As part of that, we'll find out more about the price support regime for renewable energy. Under agreements known as Contracts for Difference, each form of energy gets a different 'strike price'. If the market price is below that, then the producing company gets the difference made up.

Linking the islands

We've learned today that wave power's strike price, under this new system, would be £305 for wave and tidal, if approved next December. That compares with the average price per megawatt-hour over the past year at below £50.

Offshore wind would receive £155 per megawatt-hour next year, declining to £135 by 2018. DECC reckons that should be sufficient to unlock investment in 8 gigawatts of capacity - considerably more than Scotland's needs.

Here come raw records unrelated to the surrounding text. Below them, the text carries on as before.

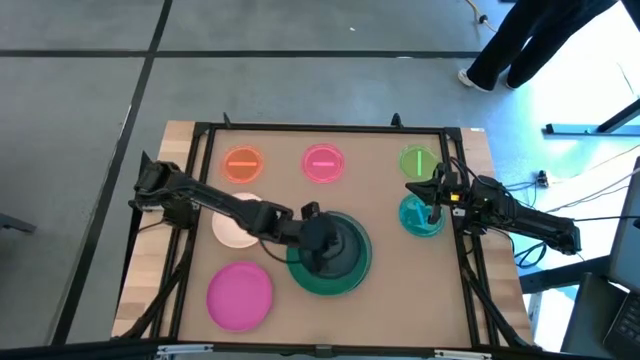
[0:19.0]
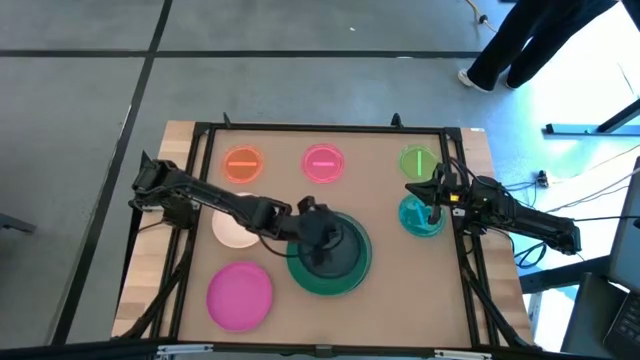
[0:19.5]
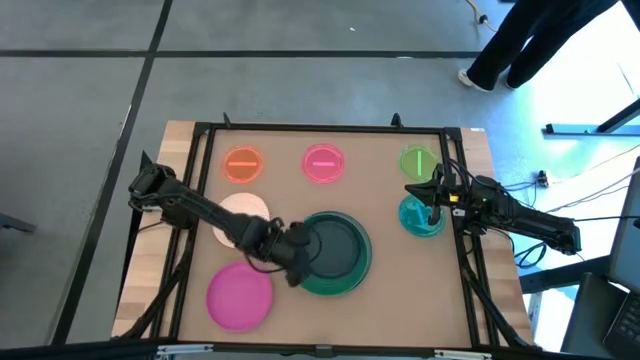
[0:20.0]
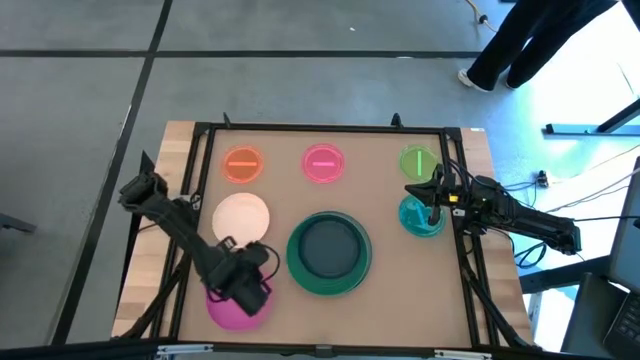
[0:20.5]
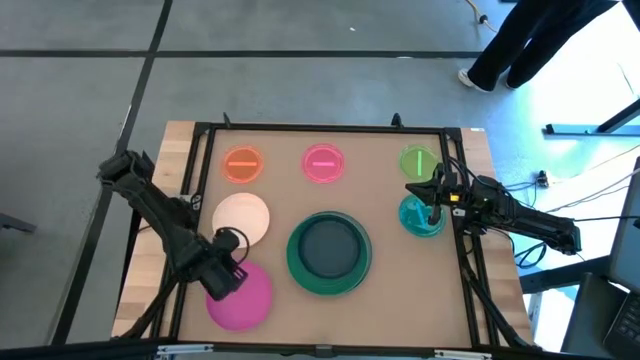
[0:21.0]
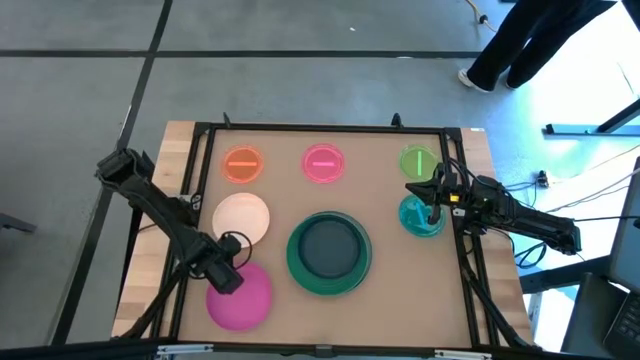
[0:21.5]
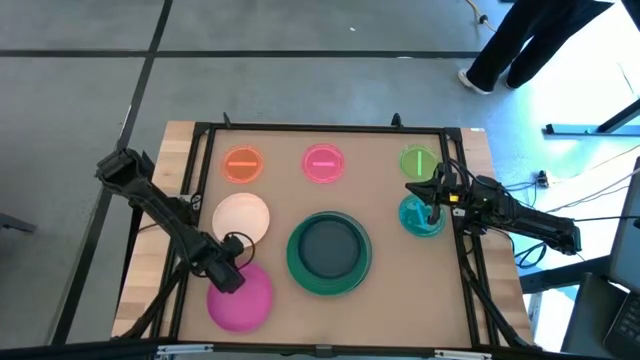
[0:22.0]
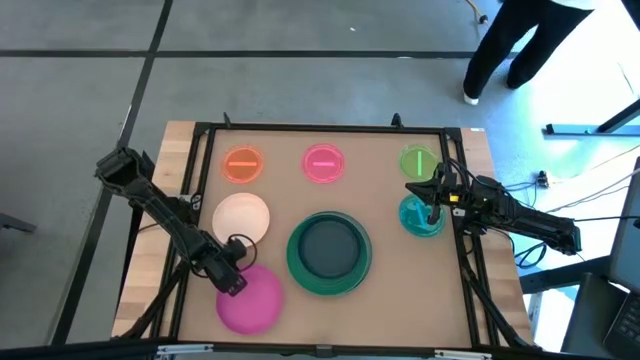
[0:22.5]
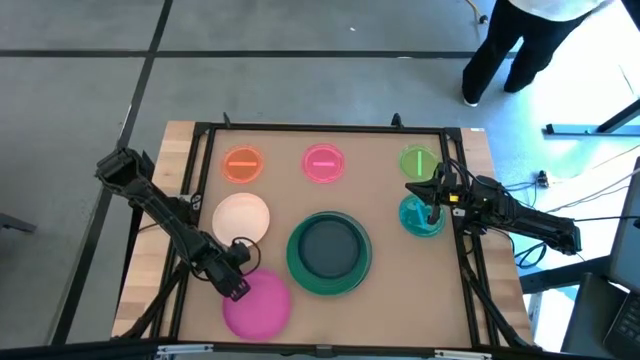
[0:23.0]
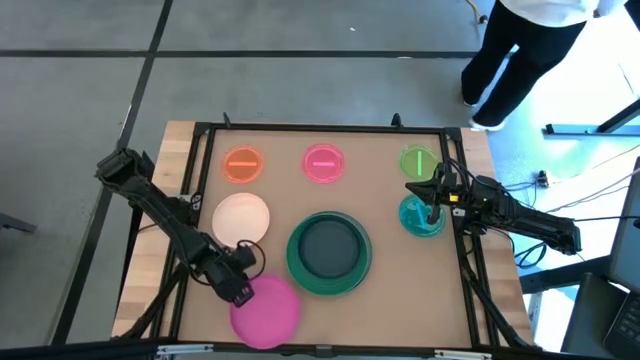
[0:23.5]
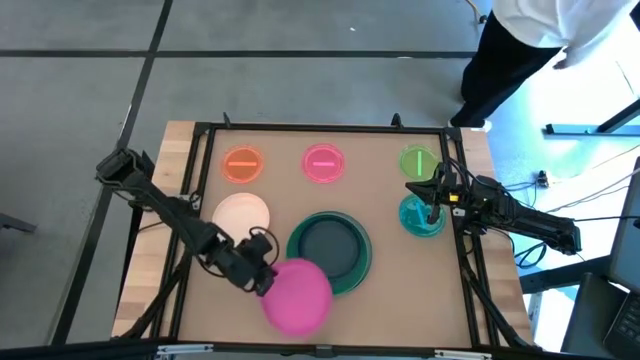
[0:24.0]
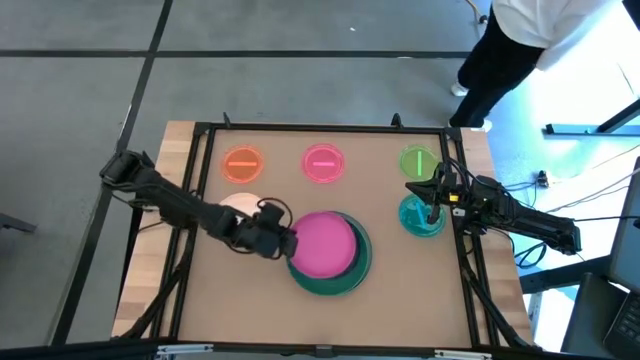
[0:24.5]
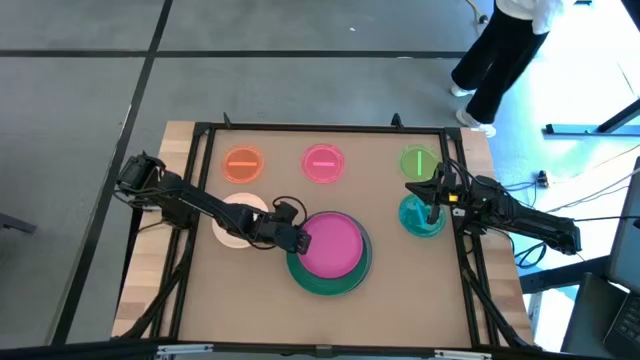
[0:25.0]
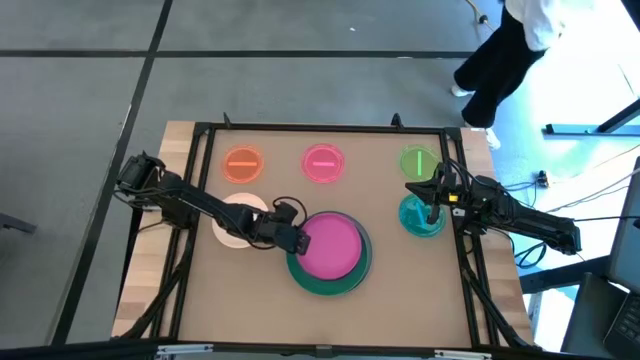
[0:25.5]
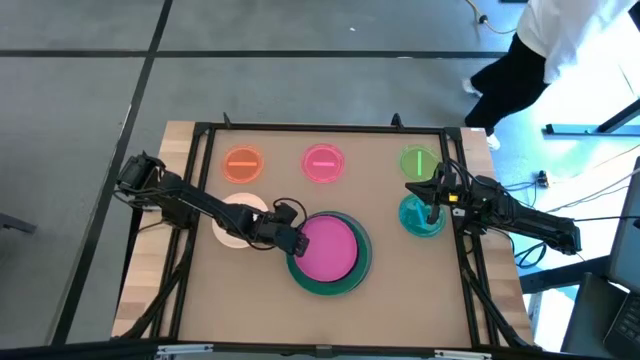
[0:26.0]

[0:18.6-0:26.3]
Task: Stack plastic plates
Stack the dark pink plate on top of the dark blue plate

Onshore wind, which is closer to being commercially viable, starts at £100 per megawatt hour next year, and declines less steeply, with most of these Contracts for Difference applying and guaranteeing income streams for 15 years.

There may be a much higher level of support for power coming from Orkney, Shetland and the Western Isles. The cost of linking them to the mainland and the national grid is very high, but they have such big potential for wind and marine power that there's a case for providing a business incentive for doing so.

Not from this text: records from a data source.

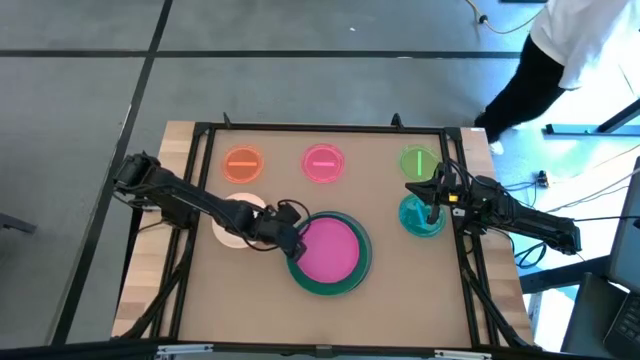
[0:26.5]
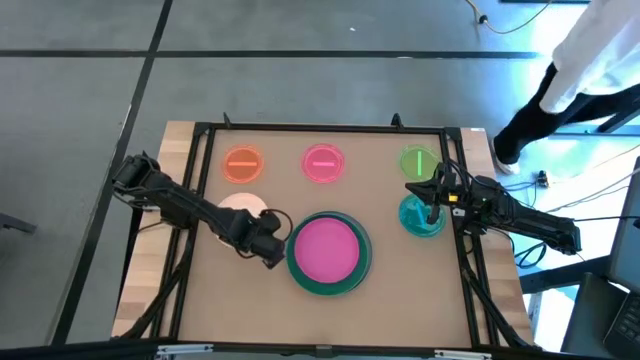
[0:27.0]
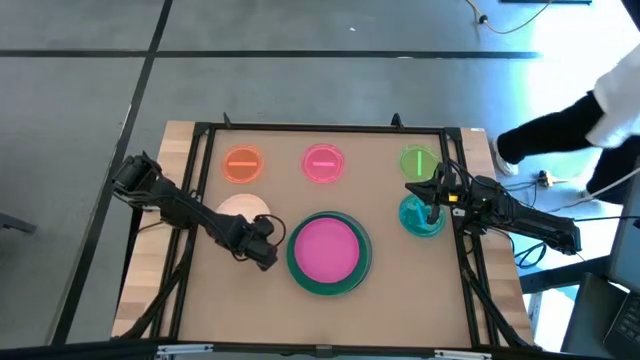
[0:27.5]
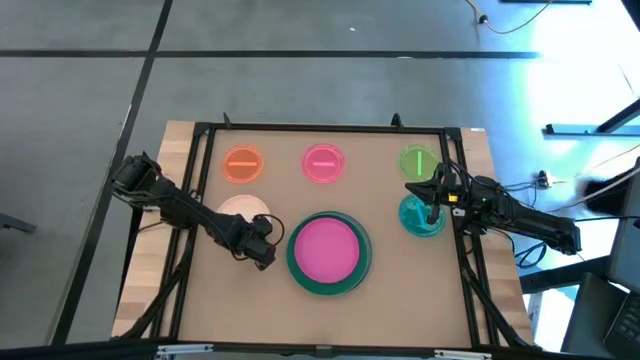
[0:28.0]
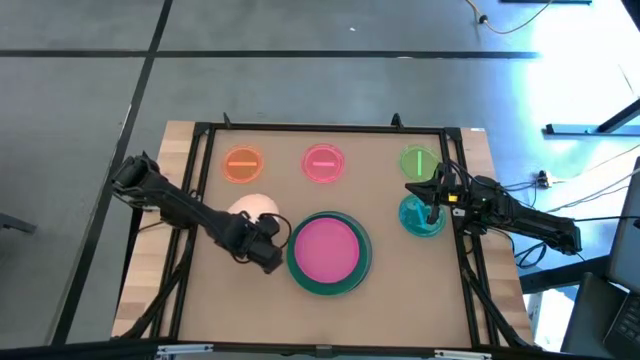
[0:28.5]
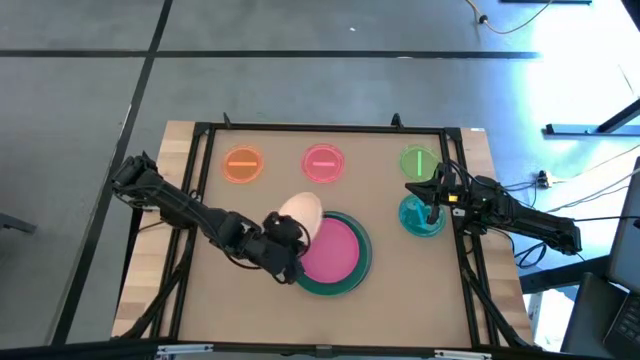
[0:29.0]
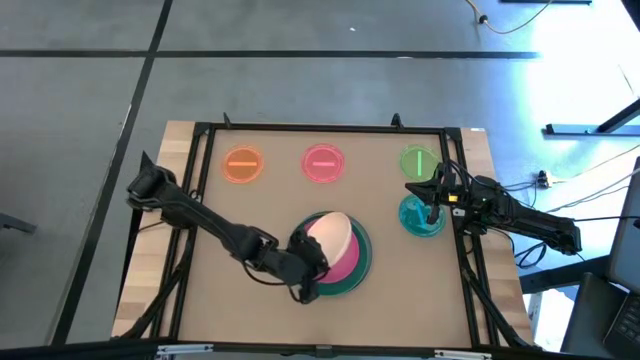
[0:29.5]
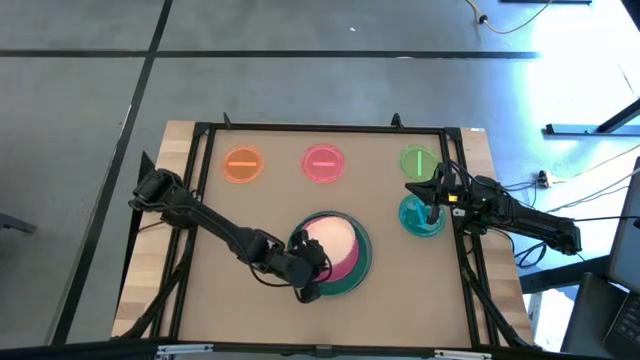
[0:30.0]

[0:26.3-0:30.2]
Stack the white plate on top of the dark pink plate

The case has been made, and today we learned that it's been accepted. This summer will see a consultation on figuring out how to make it happen.

Paying the bills

There's a catch with today's new numbers. The information DECC has published only tells you the rate for the job. It doesn't tell you how much the government is willing to commit to buying from each source.

As an industry expert explained it to me, it's as if you've been told you'll earn £100 per hour, but you don't know if that's for one or 40 hours a week. So it's no basis on which to plan your finances.

That much will have to be spelled out in the next couple of months, and decided by the end of the year. Only then can the renewables industry properly get to work.

And as these strike prices will only be for installations between 2014 and 2019, it leaves open the question of whether Britain's commitment to reducing carbon emissions will continue to allow for investment into the next decade. Only when the industry knows that will the prospect of new turbine factories begin to come true.

And where is this subsidy to come from? It's worth remembering this is not government generosity. Consumers will be paying for renewable energy on their bills - up to £4.3bn in 2015-16, rising to a maximum in 2020, and at today's prices, of £7.6bn.